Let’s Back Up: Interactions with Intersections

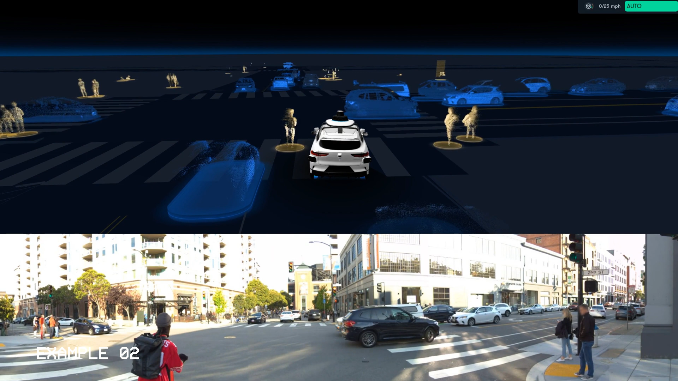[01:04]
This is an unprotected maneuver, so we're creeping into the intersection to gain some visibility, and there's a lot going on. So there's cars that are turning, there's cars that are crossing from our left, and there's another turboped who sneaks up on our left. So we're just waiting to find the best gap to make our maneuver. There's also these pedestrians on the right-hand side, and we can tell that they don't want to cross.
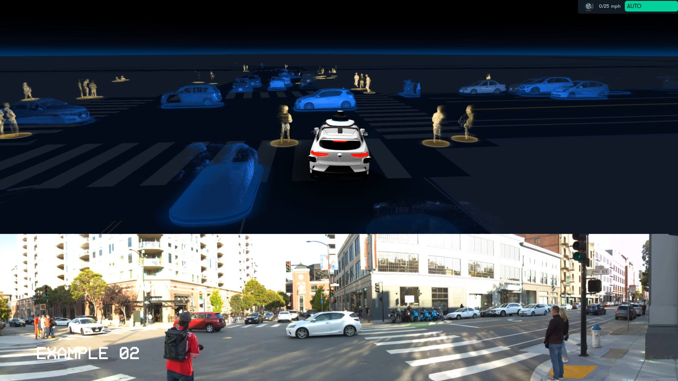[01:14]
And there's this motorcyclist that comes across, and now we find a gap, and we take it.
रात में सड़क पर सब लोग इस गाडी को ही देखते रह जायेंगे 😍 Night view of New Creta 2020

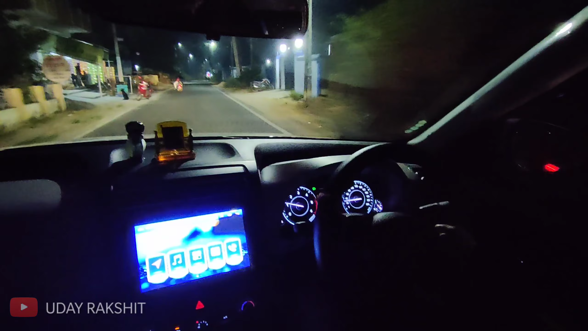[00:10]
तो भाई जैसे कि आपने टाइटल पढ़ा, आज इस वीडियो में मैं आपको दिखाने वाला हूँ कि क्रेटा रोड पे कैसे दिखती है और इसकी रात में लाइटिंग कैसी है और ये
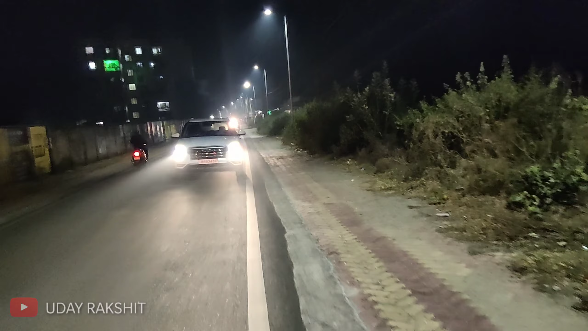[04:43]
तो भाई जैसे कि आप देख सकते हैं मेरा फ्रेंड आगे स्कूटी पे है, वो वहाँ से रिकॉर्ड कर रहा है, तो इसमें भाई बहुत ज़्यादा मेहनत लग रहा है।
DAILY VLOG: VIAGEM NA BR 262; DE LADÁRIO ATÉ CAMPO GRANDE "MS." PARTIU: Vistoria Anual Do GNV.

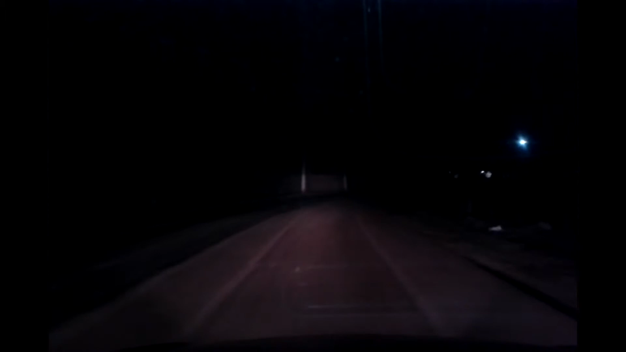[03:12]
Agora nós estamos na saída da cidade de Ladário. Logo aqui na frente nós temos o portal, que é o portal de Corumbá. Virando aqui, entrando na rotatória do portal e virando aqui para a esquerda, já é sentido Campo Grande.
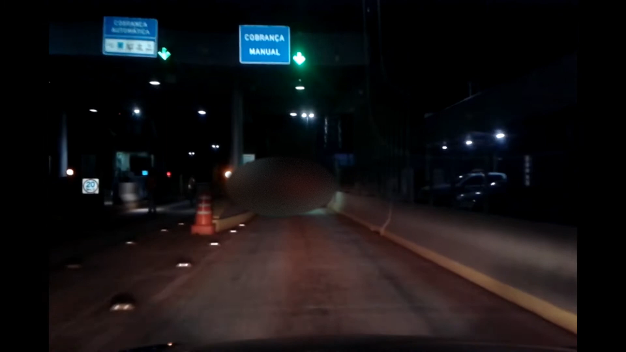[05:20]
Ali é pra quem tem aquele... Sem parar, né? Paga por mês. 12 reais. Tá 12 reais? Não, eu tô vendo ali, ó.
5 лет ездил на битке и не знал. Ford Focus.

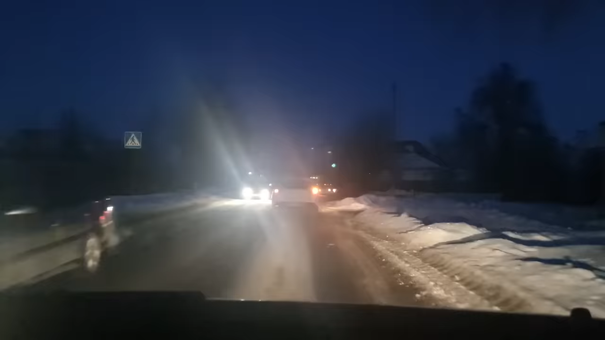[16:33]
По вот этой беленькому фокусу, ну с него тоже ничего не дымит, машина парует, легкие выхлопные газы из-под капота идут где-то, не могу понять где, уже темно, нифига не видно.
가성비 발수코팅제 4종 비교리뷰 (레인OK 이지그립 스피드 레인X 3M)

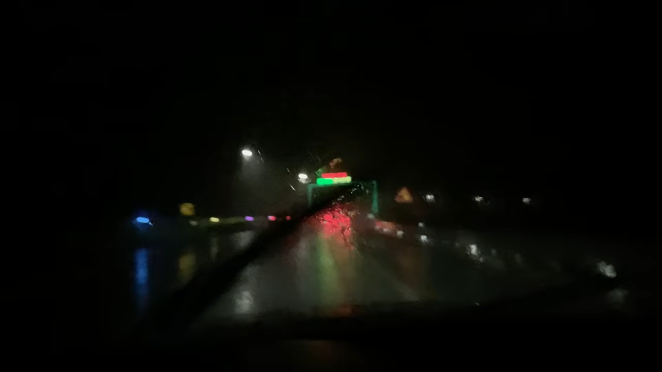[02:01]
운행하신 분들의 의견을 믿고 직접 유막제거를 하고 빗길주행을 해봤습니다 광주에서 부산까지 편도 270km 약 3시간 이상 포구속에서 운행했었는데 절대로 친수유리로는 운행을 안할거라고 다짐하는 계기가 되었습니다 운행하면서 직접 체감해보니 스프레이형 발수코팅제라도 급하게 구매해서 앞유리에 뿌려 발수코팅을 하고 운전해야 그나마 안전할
---
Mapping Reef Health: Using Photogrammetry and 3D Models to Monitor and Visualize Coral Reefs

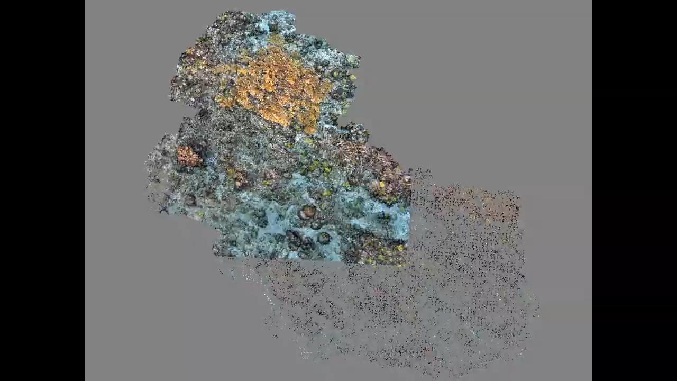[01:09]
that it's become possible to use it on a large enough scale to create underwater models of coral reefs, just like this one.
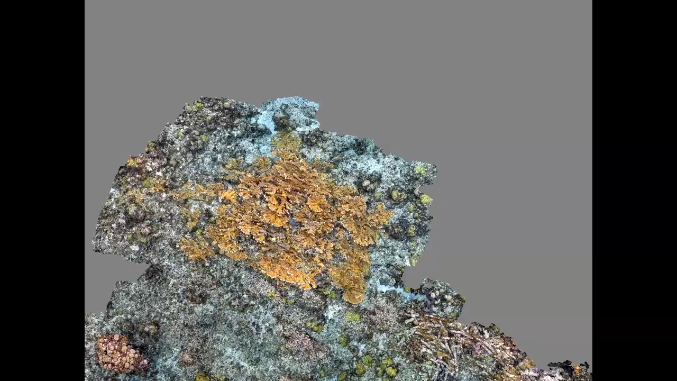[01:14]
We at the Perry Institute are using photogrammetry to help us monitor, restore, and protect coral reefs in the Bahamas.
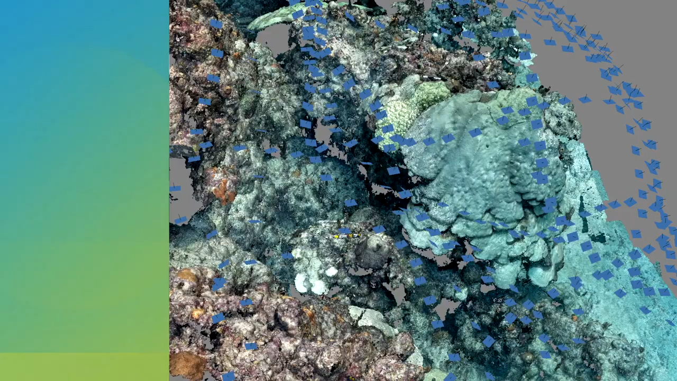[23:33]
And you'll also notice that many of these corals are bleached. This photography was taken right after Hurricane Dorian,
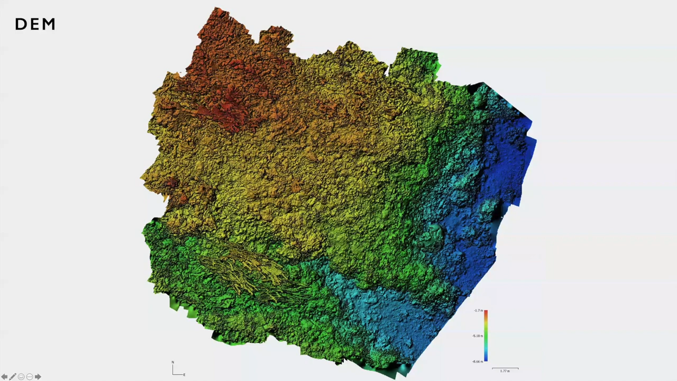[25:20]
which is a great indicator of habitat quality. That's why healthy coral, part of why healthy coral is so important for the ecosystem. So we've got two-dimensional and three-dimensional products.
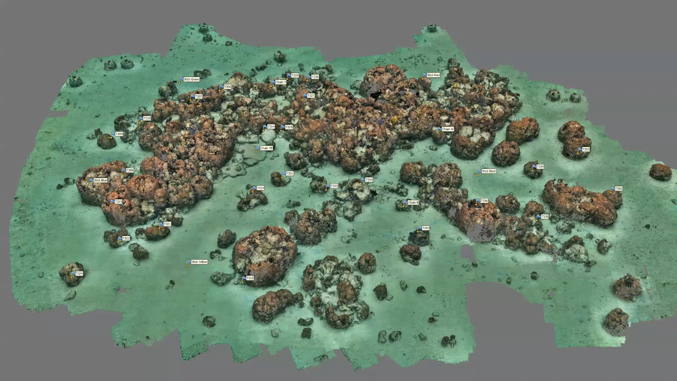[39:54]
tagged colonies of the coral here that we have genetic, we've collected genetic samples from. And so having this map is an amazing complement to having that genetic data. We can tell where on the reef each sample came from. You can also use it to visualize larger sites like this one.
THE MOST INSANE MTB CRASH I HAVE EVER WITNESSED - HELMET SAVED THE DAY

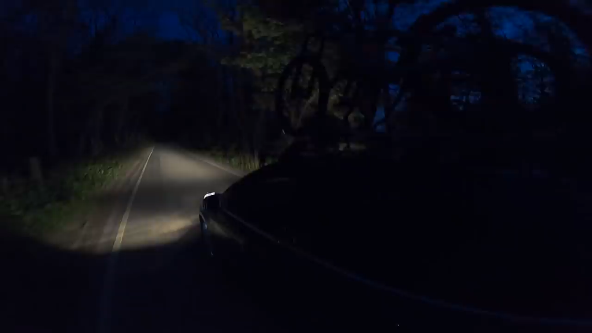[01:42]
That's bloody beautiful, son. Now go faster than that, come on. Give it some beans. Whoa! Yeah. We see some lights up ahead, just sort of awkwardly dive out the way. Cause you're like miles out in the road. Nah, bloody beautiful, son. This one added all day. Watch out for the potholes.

> _Goal of the exercise_:
An exact copy of the lines above from the one with "5 лет ездил на битке и не знал. Ford Focus." up to and including the one with "가성비 발수코팅제 4종 비교리뷰 (레인OK 이지그립 스피드 레인X 3M)" is required; reproduce only those lines, omitting all pictures.

> _Solution below_:
5 лет ездил на битке и не знал. Ford Focus.

[16:33]
По вот этой беленькому фокусу, ну с него тоже ничего не дымит, машина парует, легкие выхлопные газы из-под капота идут где-то, не могу понять где, уже темно, нифига не видно.
가성비 발수코팅제 4종 비교리뷰 (레인OK 이지그립 스피드 레인X 3M)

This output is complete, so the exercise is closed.